1[1] Loss = 45.23631286621094
Epoch 1: test accuracy = 0.9990543735224586 (2113/2115)
2[1] Loss = 0.13379809260368347
Epoch 2: test accuracy = 0.9990543735224586 (2113/2115)
3[1] Loss = 0.0598868690431118
Epoch 3: test accuracy = 0.9990543735224586 (2113/2115)
4[1] Loss = 0.3059484362602234
Epoch 4: test accuracy = 0.9990543735224586 (2113/2115)
5[1] Loss = 0.026982322335243225
Epoch 5: test accuracy = 0.9990543735224586 (2113/2115)


## Activation Functions

### Sigmoid

Can be used as output units for binary clasification problems with BCE

$$x \in \mathbb{R},  \space \sigma(x) \in \mathbb{R}$$
$$\sigma(x) = \frac{1}{1 + e^{-x}}$$
$$(\sigma(x))' = \sigma(x)(1 - \sigma(x)), \space x \in \mathbb{R}$$

In [7]:
def sigmoid(x):
    return 1 / (1 + np.exp(-x))

def sigmoid_prime(x):
    return sigmoid(x) * (1 - sigmoid(x))

### Softmax

Can be used as output units for multinomia; clasification problems with Cross Entropy

$$x, y \in \mathbb{R}^{p}$$
$$ y_j = \text{softmax}(x)_j = \frac{e^{x_j}}{\sum_{k=1}^p e^{x_k}}$$

The function can be extended to matrices, by applying softmax on each row.

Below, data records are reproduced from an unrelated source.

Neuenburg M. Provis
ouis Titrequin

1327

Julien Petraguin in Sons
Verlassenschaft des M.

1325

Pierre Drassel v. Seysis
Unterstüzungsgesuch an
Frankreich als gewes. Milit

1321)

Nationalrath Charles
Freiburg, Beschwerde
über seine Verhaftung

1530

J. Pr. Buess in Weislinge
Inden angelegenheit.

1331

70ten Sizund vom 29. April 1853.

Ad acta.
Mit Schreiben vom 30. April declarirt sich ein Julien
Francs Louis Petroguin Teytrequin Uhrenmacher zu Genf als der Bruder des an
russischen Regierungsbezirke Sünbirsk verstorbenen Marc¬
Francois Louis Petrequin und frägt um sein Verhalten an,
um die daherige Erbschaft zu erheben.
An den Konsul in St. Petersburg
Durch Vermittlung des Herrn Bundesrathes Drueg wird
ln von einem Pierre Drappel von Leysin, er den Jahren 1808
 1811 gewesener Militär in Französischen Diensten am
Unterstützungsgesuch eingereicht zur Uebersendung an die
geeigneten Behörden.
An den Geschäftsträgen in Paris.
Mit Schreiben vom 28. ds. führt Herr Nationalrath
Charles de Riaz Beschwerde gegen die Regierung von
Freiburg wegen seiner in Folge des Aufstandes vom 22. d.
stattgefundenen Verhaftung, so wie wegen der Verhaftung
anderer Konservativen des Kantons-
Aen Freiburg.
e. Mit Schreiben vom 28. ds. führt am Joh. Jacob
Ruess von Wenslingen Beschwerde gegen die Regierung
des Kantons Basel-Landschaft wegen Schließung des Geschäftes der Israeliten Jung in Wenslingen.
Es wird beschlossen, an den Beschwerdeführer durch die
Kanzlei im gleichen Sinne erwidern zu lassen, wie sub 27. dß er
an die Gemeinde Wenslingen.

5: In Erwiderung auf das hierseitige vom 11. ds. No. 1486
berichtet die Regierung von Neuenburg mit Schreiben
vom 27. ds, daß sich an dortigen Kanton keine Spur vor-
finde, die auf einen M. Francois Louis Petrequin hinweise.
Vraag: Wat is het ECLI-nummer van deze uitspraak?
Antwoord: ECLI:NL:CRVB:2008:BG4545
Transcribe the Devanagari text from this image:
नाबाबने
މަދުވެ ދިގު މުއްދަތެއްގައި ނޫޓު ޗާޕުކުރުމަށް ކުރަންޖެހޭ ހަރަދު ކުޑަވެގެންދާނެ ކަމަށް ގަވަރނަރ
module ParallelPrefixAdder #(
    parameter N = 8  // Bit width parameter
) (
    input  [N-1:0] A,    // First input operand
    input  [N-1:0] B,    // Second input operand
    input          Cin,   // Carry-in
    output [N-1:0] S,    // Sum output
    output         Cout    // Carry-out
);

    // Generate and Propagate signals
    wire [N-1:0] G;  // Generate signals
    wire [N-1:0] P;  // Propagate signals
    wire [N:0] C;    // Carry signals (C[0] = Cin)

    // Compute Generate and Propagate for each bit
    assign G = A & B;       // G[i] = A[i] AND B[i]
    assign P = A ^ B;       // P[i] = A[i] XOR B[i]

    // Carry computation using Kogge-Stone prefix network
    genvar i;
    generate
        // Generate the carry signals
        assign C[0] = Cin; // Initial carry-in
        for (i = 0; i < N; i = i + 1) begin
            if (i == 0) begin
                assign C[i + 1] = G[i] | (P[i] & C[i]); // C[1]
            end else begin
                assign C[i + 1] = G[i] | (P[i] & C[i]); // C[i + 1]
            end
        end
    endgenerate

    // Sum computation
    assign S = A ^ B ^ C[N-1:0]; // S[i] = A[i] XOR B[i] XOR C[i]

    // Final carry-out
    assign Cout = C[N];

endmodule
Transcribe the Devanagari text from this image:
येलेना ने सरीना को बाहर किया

$$x, y \in \mathbb{R}^{n*p}$$
$$ y_{ij} = \text{softmax}(x)_{ij} = \frac{e^{x_{ij}}}{\sum_{k=1}^p e^{x_{ik}}}$$

$$\text{Let } S_i = \text{softmax}(x)_i$$
$$\frac{\partial S_i}{\partial x_j} = S_i (1 - S_j) \space (i = j)$$
$$\frac{\partial S_i}{\partial x_j} = -S_i * S_j \space (i \neq j)$$

In [8]:
def softmax(x):
    x_e = np.exp(x)
    return x_e / np.sum(x_e, axis=1, keepdims=True)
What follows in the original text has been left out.